Mark Bankston, a lawyer for the parents of one of the children killed in the 2012 Sandy Hook Elementary School massacre and who are now suing Jones, said during the proceedings that “12 days ago, his [Jones’] attorneys messed up and sent me a digital copy of every text” and email from Jones' phone.

After Bankston told Jones that the Sandy Hook parents’ legal team had access to years of his texts and emails, he asked Jones, “Do you know what perjury is?”

Bankston did not respond to a request for comment. An inquiry to Infowars was not immediately returned. NBC News has not independently acquired or verified the authenticity of the messages discussed by Bankston during Wednesday’s proceedings.

Parents of Sandy Hook victims are suing Jones for $150 million in damages after Jones claimed the shooting was “synthetic,” a “false flag,” and that the families of those who were killed were “crisis actors.”

Jones has since apologized, claiming that he has not personally published nor signed off on Sandy Hook conspiracy theories for years. New texts revealed by Bankston on Wednesday appeared to show Jones signing off on more Sandy Hook conspiracy theories five years after the tragedy.

The phone documents also appeared to reveal Infowars’ long-hidden finances.

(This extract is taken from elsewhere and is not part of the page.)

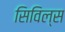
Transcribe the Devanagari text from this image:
सिविल्स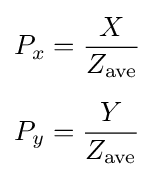
{\begin{aligned}&P_{x}={\frac {X}{Z_{\text{ave}}}}\\[5pt]&P_{y}={\frac {Y}{Z_{\text{ave}}}}\end{aligned}}

Bankston outlined several days in 2018 in which Infowars made over $800,000 per day. Jones did not dispute the veracity of the emails or the dollar figures, but claimed some of their higher-profit days came during the week of CPAC, the conservative conference.

Earlier in the trial, Jones said the highest figure his company made was $200,000 per day.

Minutes later, taking questions from the jury, Jones claimed a $2 million judgment in the case “will sink us.” Free Speech Systems, the parent company of Infowars, filed for bankruptcy in late July.

Jones also had previously claimed that being “deplatformed,” or permanently suspended from services like Twitter and Facebook, had negatively affected the company’s bottom line, likening the situation to “jail.” Bankston said the newly revealed financial documents show that the opposite is true — the company made more money than ever after it was banned from platforms like Facebook and YouTube in 2018.

“Well after your deplatforming, your numbers keep getting better,”  Bankston said.

Infowars is a private company and is not required to disclose financial records. The company largely makes money by selling emergency survival food and goods, and rebranded supplements like Infowars’ Brain Force Plus. Jones said during the trial that some of the supplements are sold at a 100% markup, and at one point he bragged about the quality of his supplements.

Neither Jones nor his lawyers appeared to be aware that Sandy Hook parents’ lawyers had access to Jones’ emails and texts. Bankston said he had let Jones’ lawyers know about the mishap 12 days ago.

On an open microphone in a recess, Bankston asked his fellow lawyers: “You know what nobody’s thought about yet? What happens when that phone goes to law enforcement?”